▶ _Data under study_
+++++
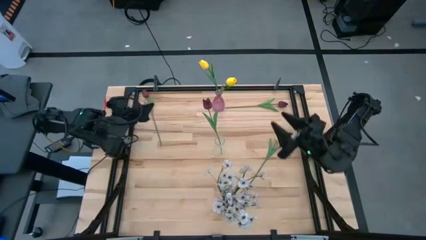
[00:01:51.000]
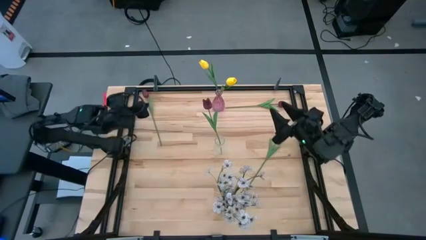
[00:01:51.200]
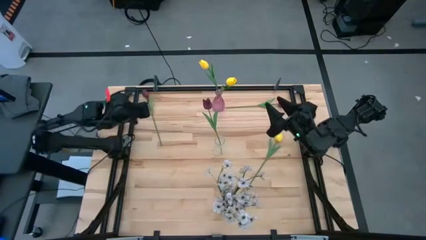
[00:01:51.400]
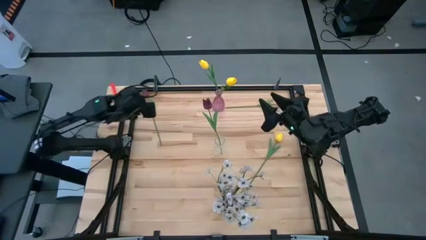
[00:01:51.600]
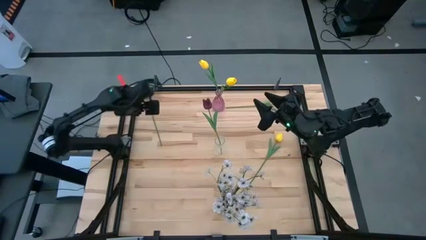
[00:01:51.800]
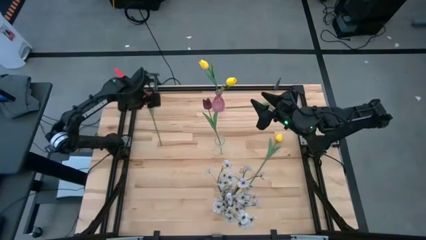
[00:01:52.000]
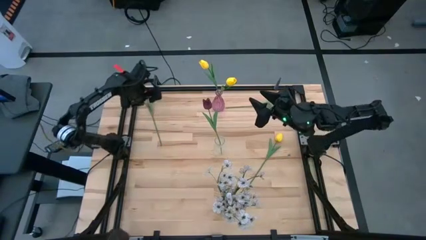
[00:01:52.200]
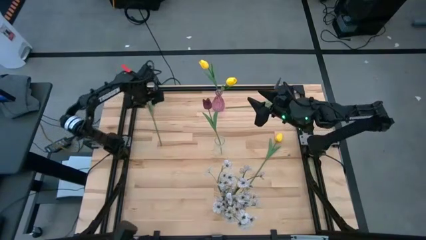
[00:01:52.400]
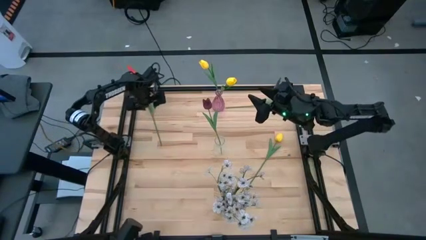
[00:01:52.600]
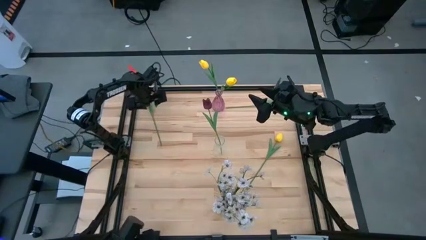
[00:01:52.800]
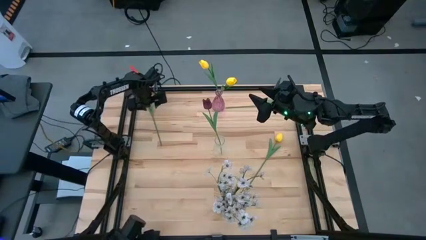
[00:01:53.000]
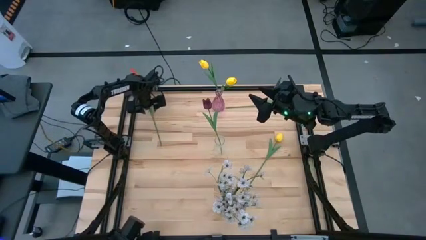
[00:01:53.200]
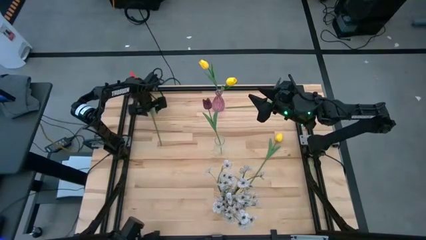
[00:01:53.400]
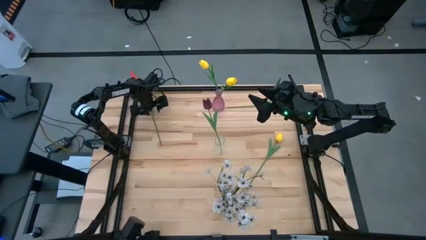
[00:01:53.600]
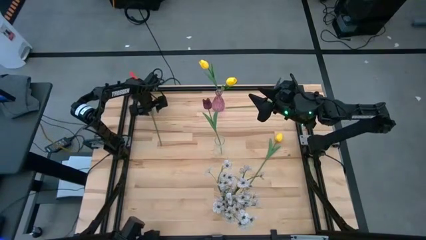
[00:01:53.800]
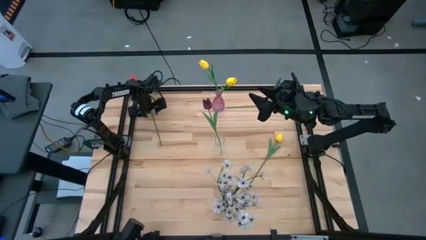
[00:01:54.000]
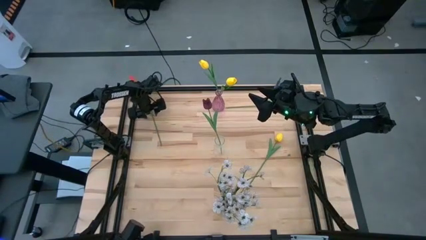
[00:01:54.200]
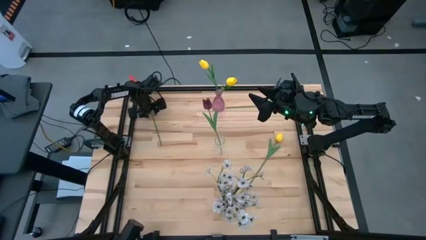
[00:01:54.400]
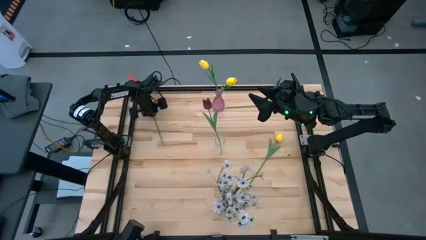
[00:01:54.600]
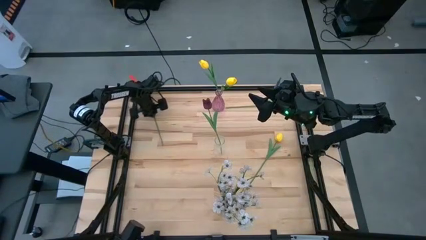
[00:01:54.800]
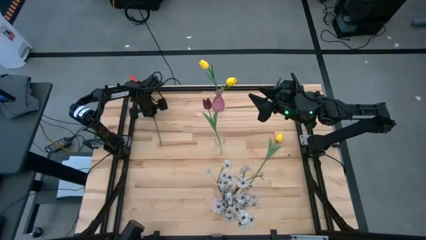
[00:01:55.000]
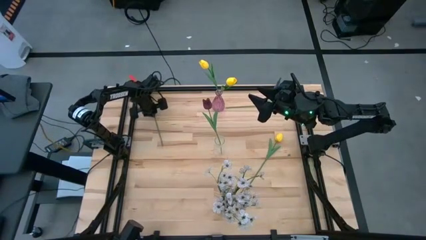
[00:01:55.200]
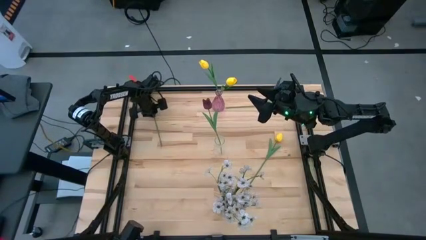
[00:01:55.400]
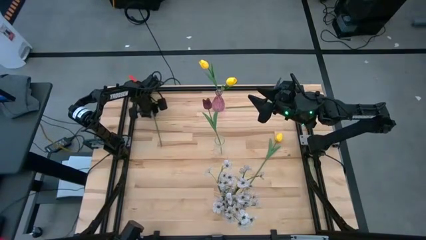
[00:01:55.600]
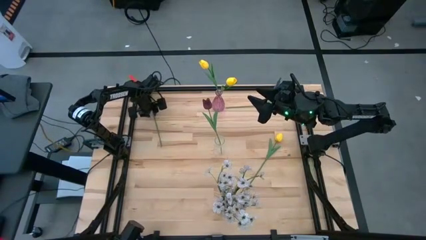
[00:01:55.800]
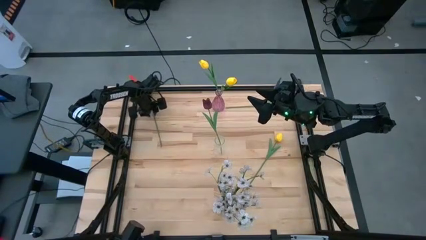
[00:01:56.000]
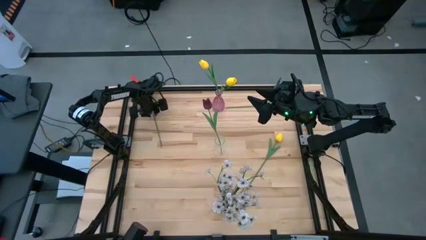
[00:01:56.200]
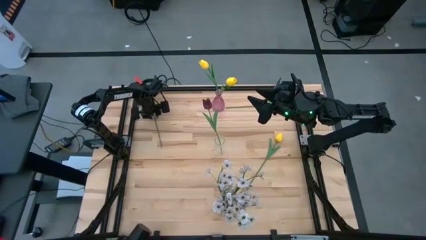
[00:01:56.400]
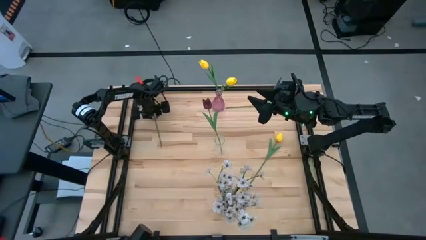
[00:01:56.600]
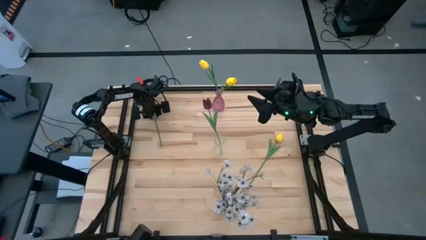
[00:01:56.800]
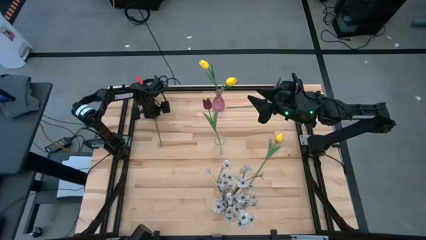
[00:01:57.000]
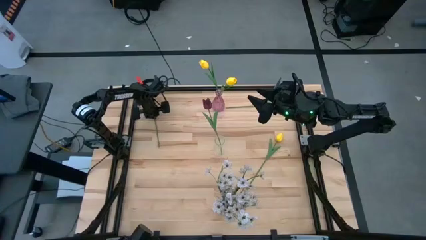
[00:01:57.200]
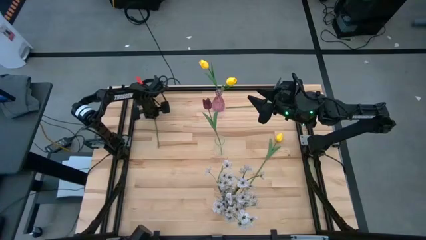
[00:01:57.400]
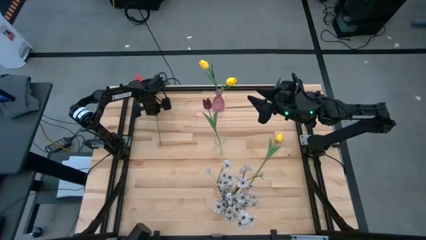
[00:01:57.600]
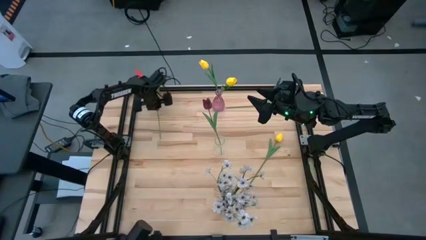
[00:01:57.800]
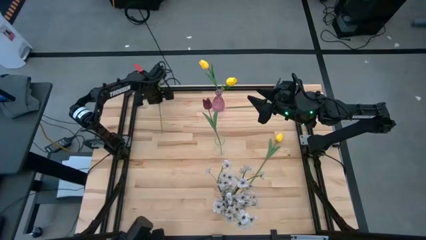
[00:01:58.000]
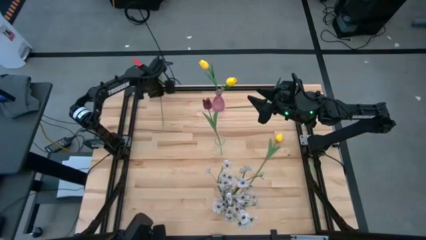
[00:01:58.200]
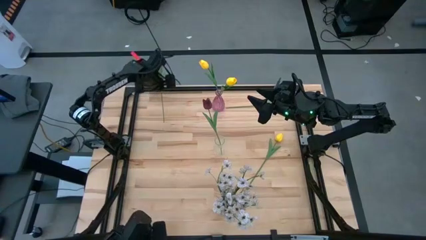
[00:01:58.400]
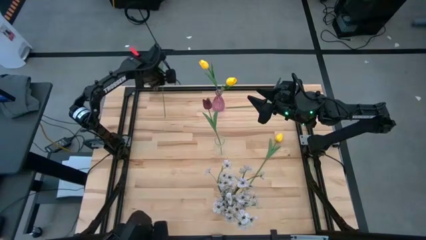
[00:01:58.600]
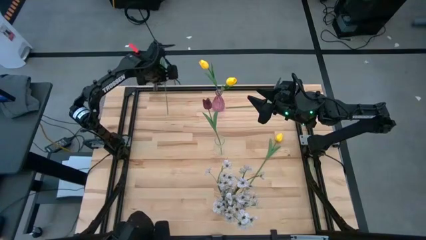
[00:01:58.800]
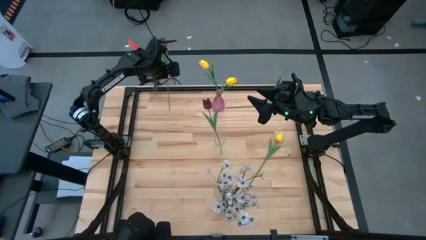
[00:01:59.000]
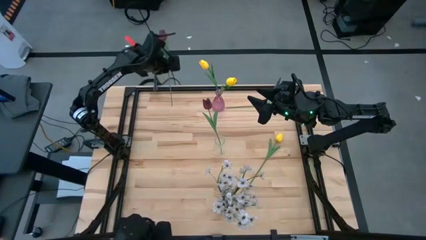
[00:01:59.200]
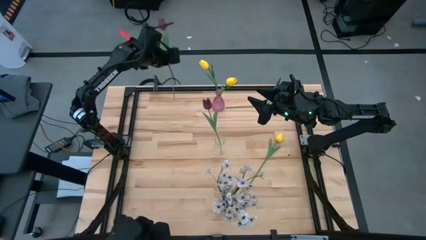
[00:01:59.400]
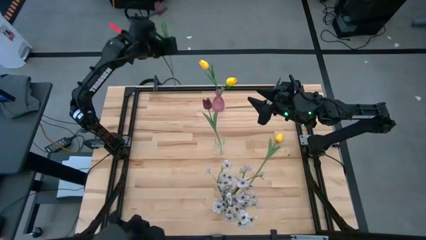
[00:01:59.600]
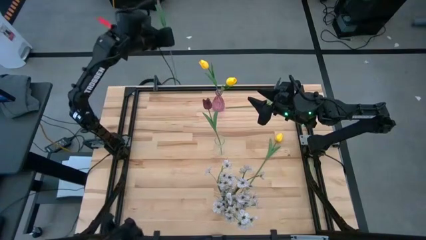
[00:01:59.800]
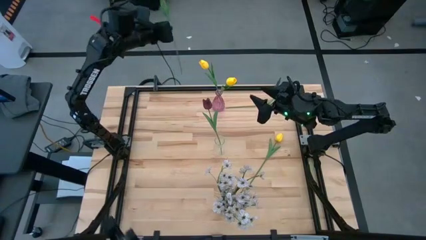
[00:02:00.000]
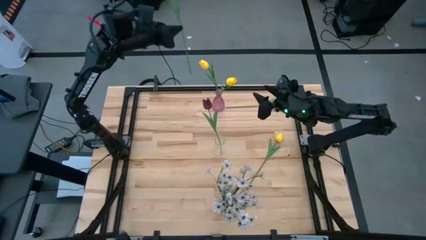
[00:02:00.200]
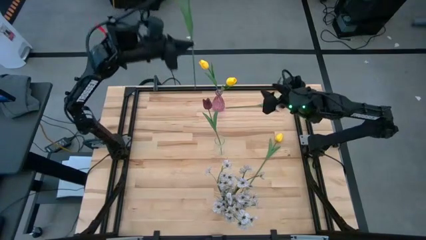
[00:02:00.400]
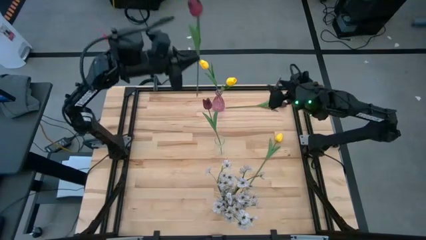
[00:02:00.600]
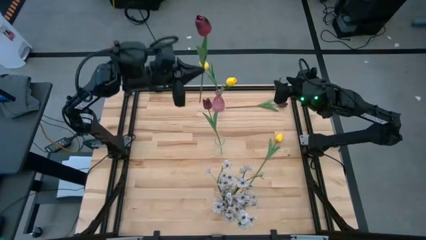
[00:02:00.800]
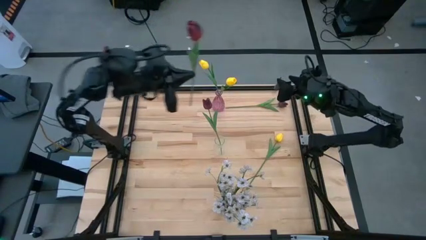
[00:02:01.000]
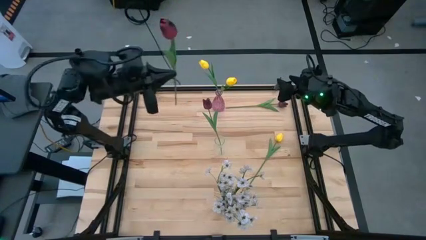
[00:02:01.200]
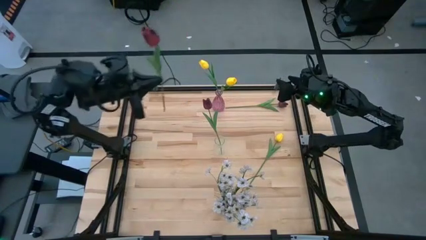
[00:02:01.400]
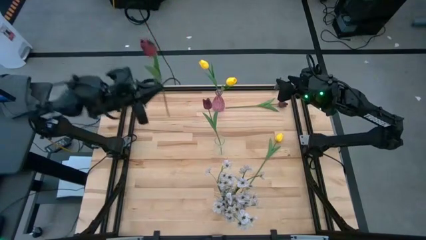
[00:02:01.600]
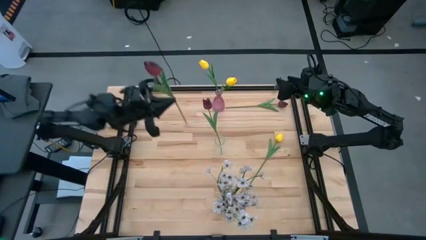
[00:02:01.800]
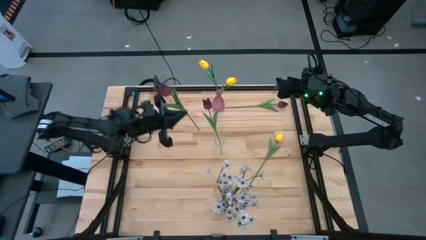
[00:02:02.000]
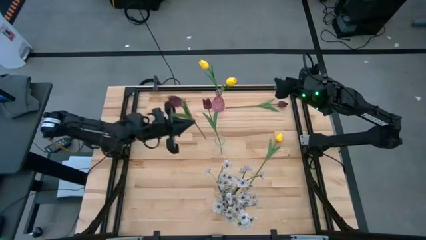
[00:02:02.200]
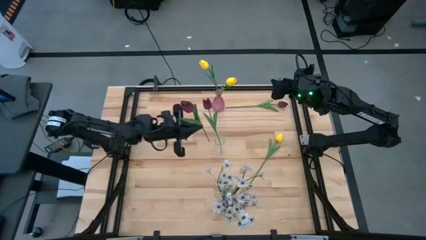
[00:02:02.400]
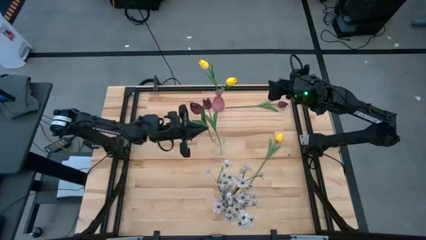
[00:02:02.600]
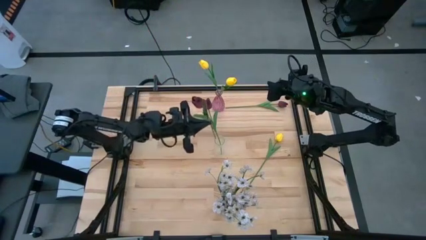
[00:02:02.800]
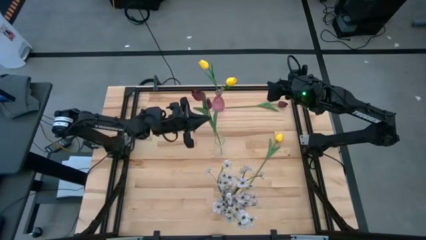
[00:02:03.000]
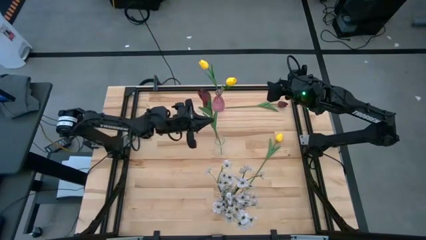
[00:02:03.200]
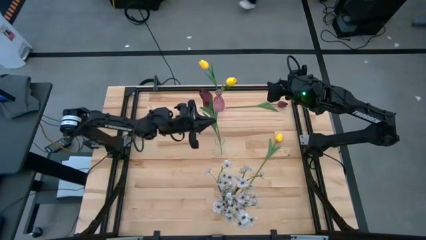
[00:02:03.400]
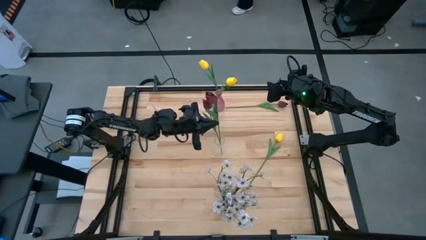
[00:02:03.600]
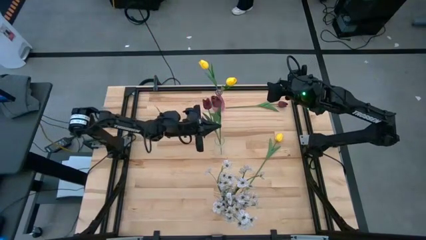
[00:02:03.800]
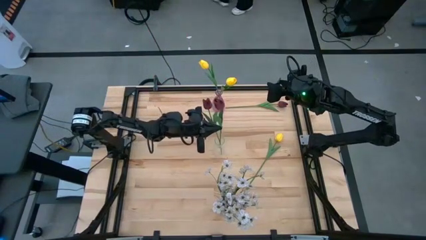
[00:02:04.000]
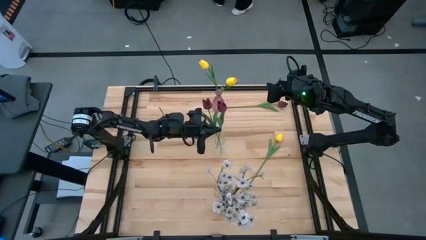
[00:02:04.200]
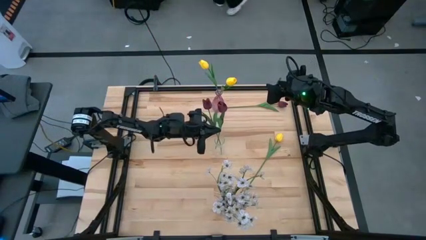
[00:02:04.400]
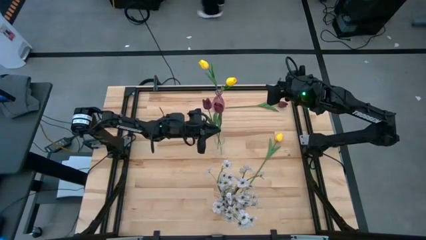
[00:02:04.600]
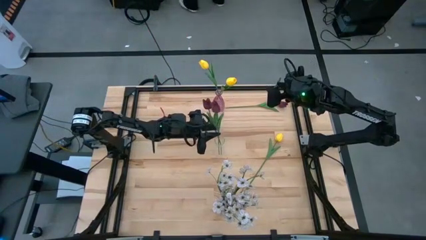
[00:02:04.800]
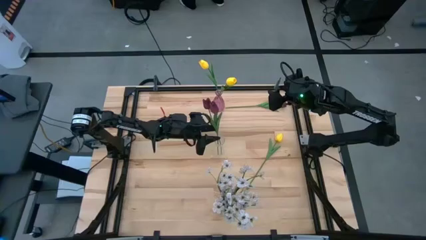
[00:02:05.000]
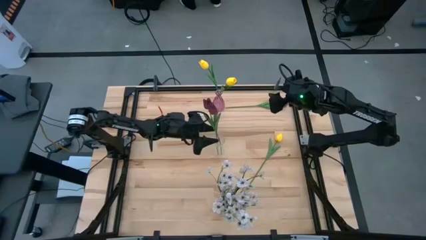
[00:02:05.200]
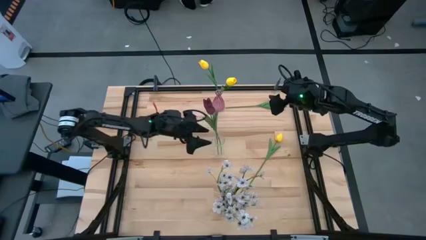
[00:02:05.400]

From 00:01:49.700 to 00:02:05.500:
+++++
Except for the pictures, give all the material above again verbatim.

[00:01:51.000]
[00:01:51.200]
[00:01:51.400]
[00:01:51.600]
[00:01:51.800]
[00:01:52.000]
[00:01:52.200]
[00:01:52.400]
[00:01:52.600]
[00:01:52.800]
[00:01:53.000]
[00:01:53.200]
[00:01:53.400]
[00:01:53.600]
[00:01:53.800]
[00:01:54.000]
[00:01:54.200]
[00:01:54.400]
[00:01:54.600]
[00:01:54.800]
[00:01:55.000]
[00:01:55.200]
[00:01:55.400]
[00:01:55.600]
[00:01:55.800]
[00:01:56.000]
[00:01:56.200]
[00:01:56.400]
[00:01:56.600]
[00:01:56.800]
[00:01:57.000]
[00:01:57.200]
[00:01:57.400]
[00:01:57.600]
[00:01:57.800]
[00:01:58.000]
[00:01:58.200]
[00:01:58.400]
[00:01:58.600]
[00:01:58.800]
[00:01:59.000]
[00:01:59.200]
[00:01:59.400]
[00:01:59.600]
[00:01:59.800]
[00:02:00.000]
[00:02:00.200]
[00:02:00.400]
[00:02:00.600]
[00:02:00.800]
[00:02:01.000]
[00:02:01.200]
[00:02:01.400]
[00:02:01.600]
[00:02:01.800]
[00:02:02.000]
[00:02:02.200]
[00:02:02.400]
[00:02:02.600]
[00:02:02.800]
[00:02:03.000]
[00:02:03.200]
[00:02:03.400]
[00:02:03.600]
[00:02:03.800]
[00:02:04.000]
[00:02:04.200]
[00:02:04.400]
[00:02:04.600]
[00:02:04.800]
[00:02:05.000]
[00:02:05.200]
[00:02:05.400]

From 00:01:49.700 to 00:02:05.500:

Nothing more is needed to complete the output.